Question

A white Gaussian noise \(w(t)\) with zero mean and power spectral density \(\frac{N_0}{2}\), when applied to a first-order RC low-pass filter produces an output \(n(t)\). At a particular time \(t = t_k\), the variance of the random variable \(n(t_k)\) is:

• A. \(\frac{N_0}{4RC}\)
• B. \(\frac{N_0}{2RC}\)
• C. \(\frac{N_0}{RC}\)
• D. \(\frac{2N_0}{RC}\)

Hint:

To analyze noise in RC filters, calculate the output variance by integrating the power spectral density over all frequencies. Remember to use substitution and standard integral results for efficiency.

Answer 1

The Correct Option is A

Step 1: Derive the transfer function for the RC low-pass filter.
The transfer function of a first-order RC low-pass filter is given by: \[ H(f) = \frac{1}{1 + j2\pi fRC}. \] Step 2: Connect the power spectral density and variance.
The output power spectral density \(S_{n}(f)\) is related to the input \(S_{w}(f)\) as: \[ S_{n}(f) = |H(f)|^2 S_{w}(f). \] For white Gaussian noise, \(S_{w}(f) = \frac{N_0}{2}\).
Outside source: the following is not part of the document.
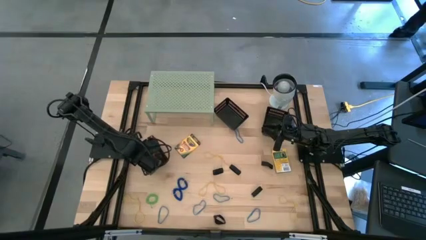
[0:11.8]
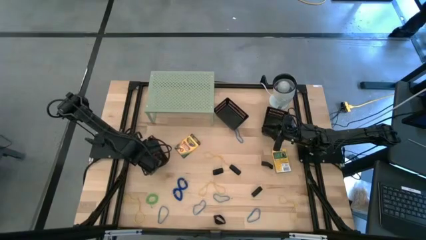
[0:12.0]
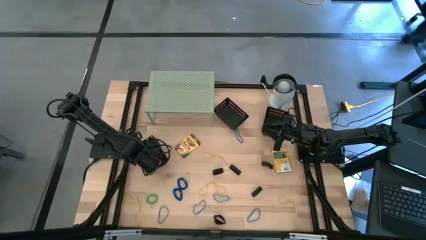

The magnitude squared of the transfer function becomes: \[ |H(f)|^2 = \frac{1}{1 + (2\pi fRC)^2}. \] Step 3: Compute the variance of the output.
The variance of the output noise \(n(t_k)\) is the integral of \(S_{n}(f)\) over all frequencies: \[ {Variance} = \int_{-\infty}^\infty S_{n}(f) df = \int_{-\infty}^\infty \frac{\frac{N_0}{2}}{1 + (2\pi fRC)^2} df. \] Using the substitution \(\omega = 2\pi f\), the integral becomes: \[ {Variance} = \frac{N_0}{2} \int_{-\infty}^\infty \frac{1}{1 + (\omega RC)^2} \frac{d\omega}{2\pi}. \] The standard integral result for \(\frac{1}{1 + x^2}\) is: \[ \int_{-\infty}^\infty \frac{1}{1 + (\omega RC)^2} d\omega = \frac{\pi}{RC}. \] Substituting this result, the variance is: \[ {Variance} = \frac{N_0}{2} \cdot \frac{\pi}{RC} \cdot \frac{1}{2\pi} = \frac{N_0}{4RC}. \] Final Answer: \[\boxed{{(1) } \frac{N_0}{4RC}}\]